Immunoglobulin (Ig) replacement therapy has been the mainstay of primary immunodeficiencies (PID) treatment for more than 30 years and has substantially changed the lives of patients. This review focuses on aspects of Ig use in clinical practice in addition to discussing prioritizing future Ig use. Despite Ig therapy, PID patients continue to be predisposed to recurrent, subclinical respiratory tract infections, which may lead to chronic lung disease. Research has shown that one of the underlying reasons for this deterioration in lung function is the differential distribution and concentration of Ig isotypes in the airway lumen.
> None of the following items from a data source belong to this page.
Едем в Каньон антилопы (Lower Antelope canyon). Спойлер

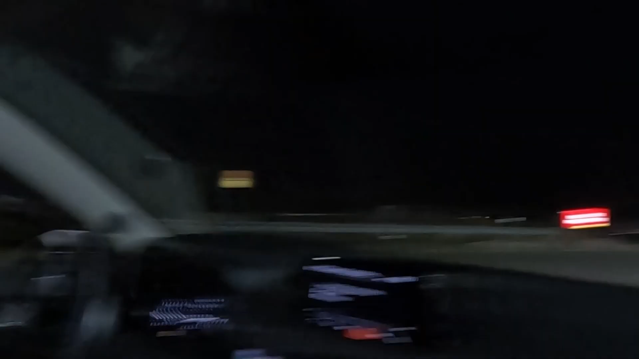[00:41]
Аккуратно, стой, стой, стой, стой. Я вижу, вижу, вижу. Но она тебя не видит. Он смотрел на меня.
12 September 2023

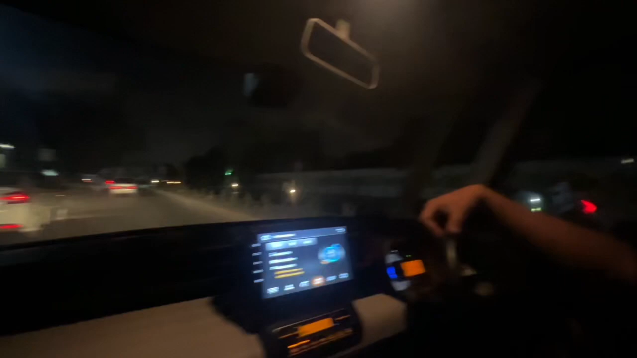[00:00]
In the name of Allah, I am asking the customer to tell you about the location, the phone is already told I was going to go and I thought I was going to tell you Look, everyone knows about the food street in Keraachi,
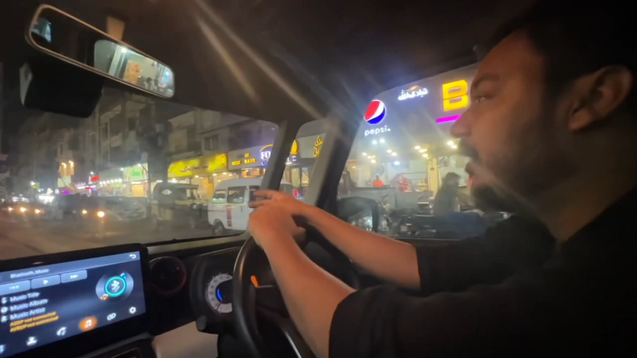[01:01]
we will come from here Let's see this road Look, this is food street Look, this is food street One thing is to tell you You have not made me feel of a drink Yes,
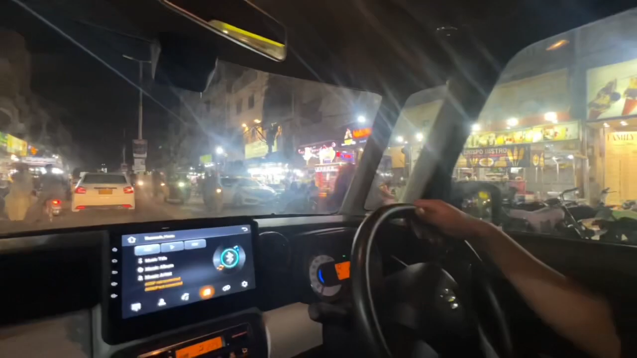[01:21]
if we don't have a car, we will stay here because here
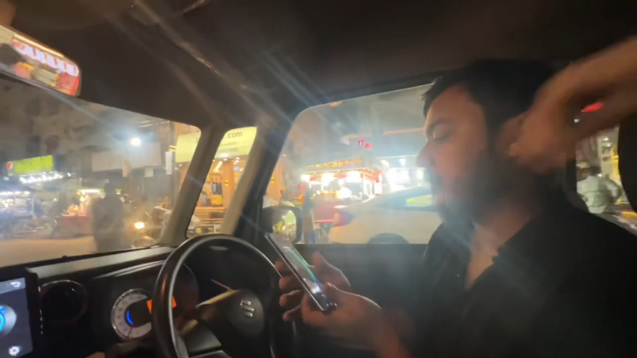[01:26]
MashaAllah, now the customers are calling Yes, customers are calling a lot of calls Alhamdulillah, the Karachi has responded very well and this is a gauze Here is a gauze, a gauze, a gauze is very well
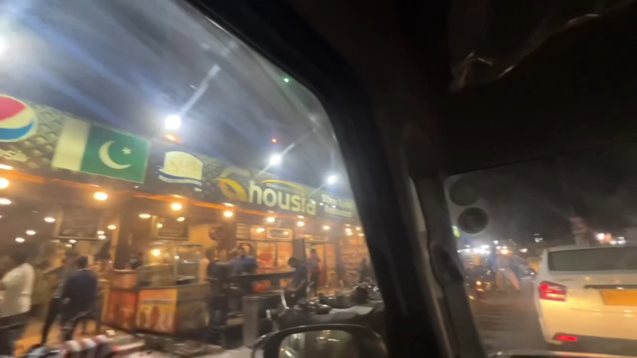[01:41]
Look, this is the first lane, the Karachi Link The second lane is our Fashion Edda They
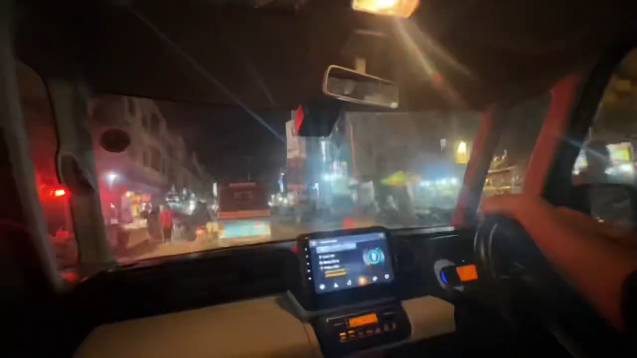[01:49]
are telling me that this is the TIEBIS Medical in front of this lane If you choose the TIEBIS Medical If you choose the TIEBIS Medical If you choose the TIEBIS Medical
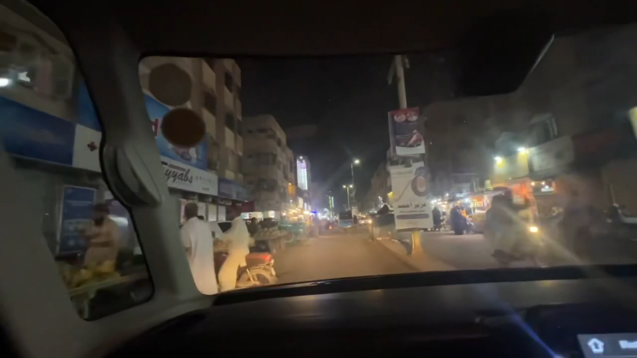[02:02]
In front of this lane You will see the black
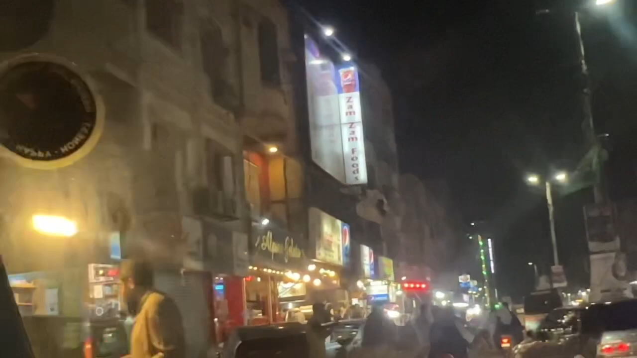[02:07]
board which is the name of Fashion Edda This is the TIEBIS Medical and in
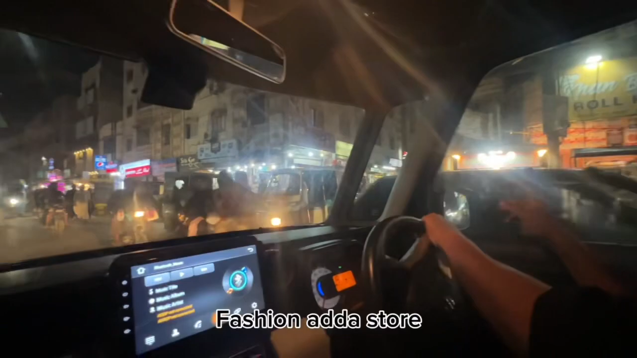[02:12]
front of this lane Yeah This TIEBIS рос by and this is the new Alpine and here,
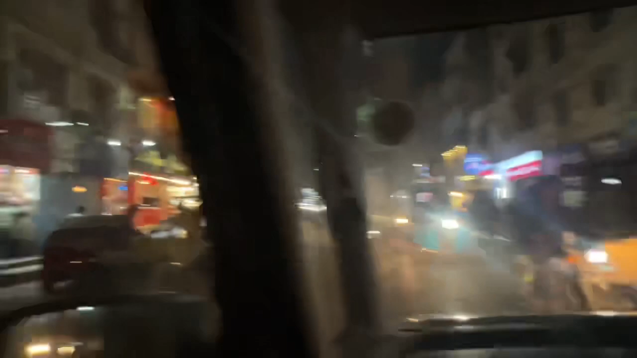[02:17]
this is the new Alpine and here, this is the new Alpine This is the new Alpine This is our BDS This is our Sport this has brought in And here
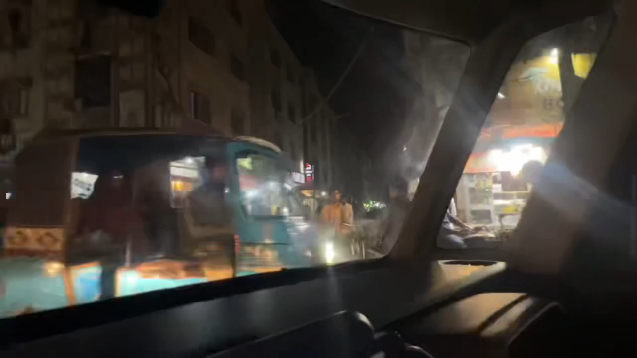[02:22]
they are taking the cup they are taking the cup They have to eat food and then just take the cup here we have to take the cup Here is our Fashion Edda store
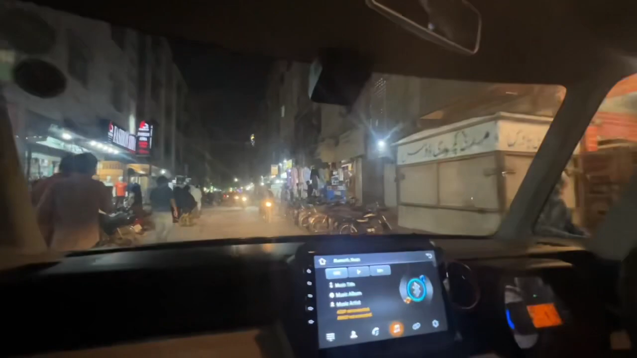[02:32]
What's the show here? Yeah, yeah, very fashion at the store.

Further to this, the relationship between Ig dose and infection outcome is explored, expanding on end-of-cycle loss of efficacy (wear-off) particularly with intravenous immunoglobulin (IVIg), how this can confound the determination of optimal IgG dose and how our aim of treatment should be to improve clinical outcome. This review goes on to discuss the safety of Ig replacement therapy, which is generally well tolerated by most patients, compares the rates of systemic adverse reactions between IVIg and SCIg and highlights the advantages of SCIg administration in this respect, including the use of pre-infused subcutaneous recombinant human hyaluronidase to aid subcutaneous infusion volumes. The growing demand for Ig replacement therapy is challenging physicians; here we show the development of prioritization algorithms to assist in identifying those who will benefit most from this clinically valuable therapy.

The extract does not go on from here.